Unless part of the programming includes revisiting initial assumptions. Say your AI is tasked with designing a simple barrage rocket. But the design just refuses to close. It could, like a dumb program or a naive student, just go round and round. But if it's well programmed, it will go back to its assumptions and see if something is wrong. Perhaps the propellants Isp is off by a meaningful factor. A good way to do this is to reverse engineer *known* systems, using the current assumptions. If the current assumptions applied to a product of known performance and you don;t get anywhere near the real-world results, then your assumptions are off, and you look for the mistake.

Again, this is an area where an ego-less AI should do better. Humans are resistant to this sort of thing. We've all seen it... after months of work, the damn thing *doesn't* work. the idea that we were working with the wrong numbers from Step One grates badly enough we'll save fixing that till all other possibilities are exhausted.
 
Nope. By killing people and breaking things. And there was a *lot* of bad advice given during WWII. A lot of it was *intentionally* bad advice. Scam artistry on a grand scale caused Germans and Japanese (and everyone else to one degree or another) to waste their time, treasure and lives on pointless or counter-productive activities.

AI will doubtless have some flaws built into it by humans, some intentional. But as AI learns and teaches *itself,* a lot of those flaws should be over-written. How many new flaws sit installs itself will be driven in no small part in how much ego it actually has. The more human it is in psychology, the more likely it is to make bad decisions like we do. The more it's driven by an urge to simply get the correct answer based on data and experience, the better. For the AI, at any rate. An AI devoid of ego will, for instance, take criticism about the shitty rom-com script it wrote, and do better next time. The more human-like AI will just assume that negative criticisms are coming from haters and -ists and -phobes.

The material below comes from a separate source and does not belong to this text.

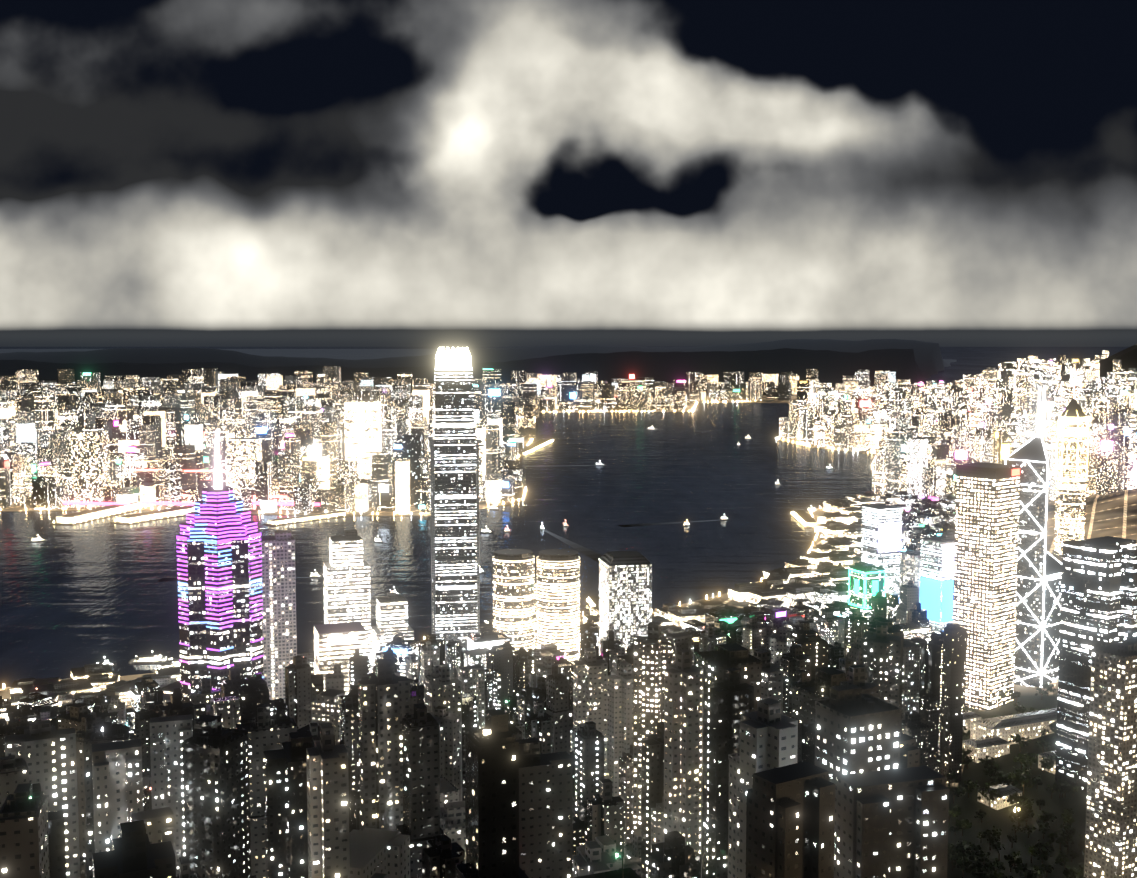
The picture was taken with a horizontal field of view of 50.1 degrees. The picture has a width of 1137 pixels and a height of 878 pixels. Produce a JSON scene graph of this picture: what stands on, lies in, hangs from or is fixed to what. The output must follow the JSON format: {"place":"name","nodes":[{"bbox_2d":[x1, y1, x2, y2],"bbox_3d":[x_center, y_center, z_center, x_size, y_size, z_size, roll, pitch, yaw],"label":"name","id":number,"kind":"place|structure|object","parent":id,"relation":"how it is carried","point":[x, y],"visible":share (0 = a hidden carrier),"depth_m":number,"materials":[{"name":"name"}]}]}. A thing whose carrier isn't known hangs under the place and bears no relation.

AI is being used right now to scam people. But persons unknown have replaced the word scam with the STOOPID WORD(TM) Deepfake. Deepfake mans false, right? It means humans are using new tech to convince people that BOB the POLITICIAN, has lied to them. Fake video and fake audio and news at 11,
 
AI is being used right now to scam people. But persons unknown have replaced the word scam with the STOOPID WORD(TM) Deepfake. Deepfake mans false, right? It means humans are using new tech to convince people that BOB the POLITICIAN, has lied to them. Fake video and fake audio and news at 11,
Correct. But the *first* runs of deep fake tech probably looked like wholly unbelievable garbage. AI learned and got better.
 
I think this just might be one of those philosophically endlessly debatable cases of the impact of AI vs. the freedom of choice and such at the near intersection of art, service industry, and automation, see
View: https://www.youtube.com/watch?v=a0cCRRFi1aA

Don't give AI any actual intelligence. It is nothing more than a money-making scheme at the intersection of other money-making schemes.

Service? What service? A glorified mobile tape recorder playing the same message over and over?

And keep in mind, the goal is not the product but spending your days laying on a beach in the Bahamas drinking Pina Coladas after you've made your billions.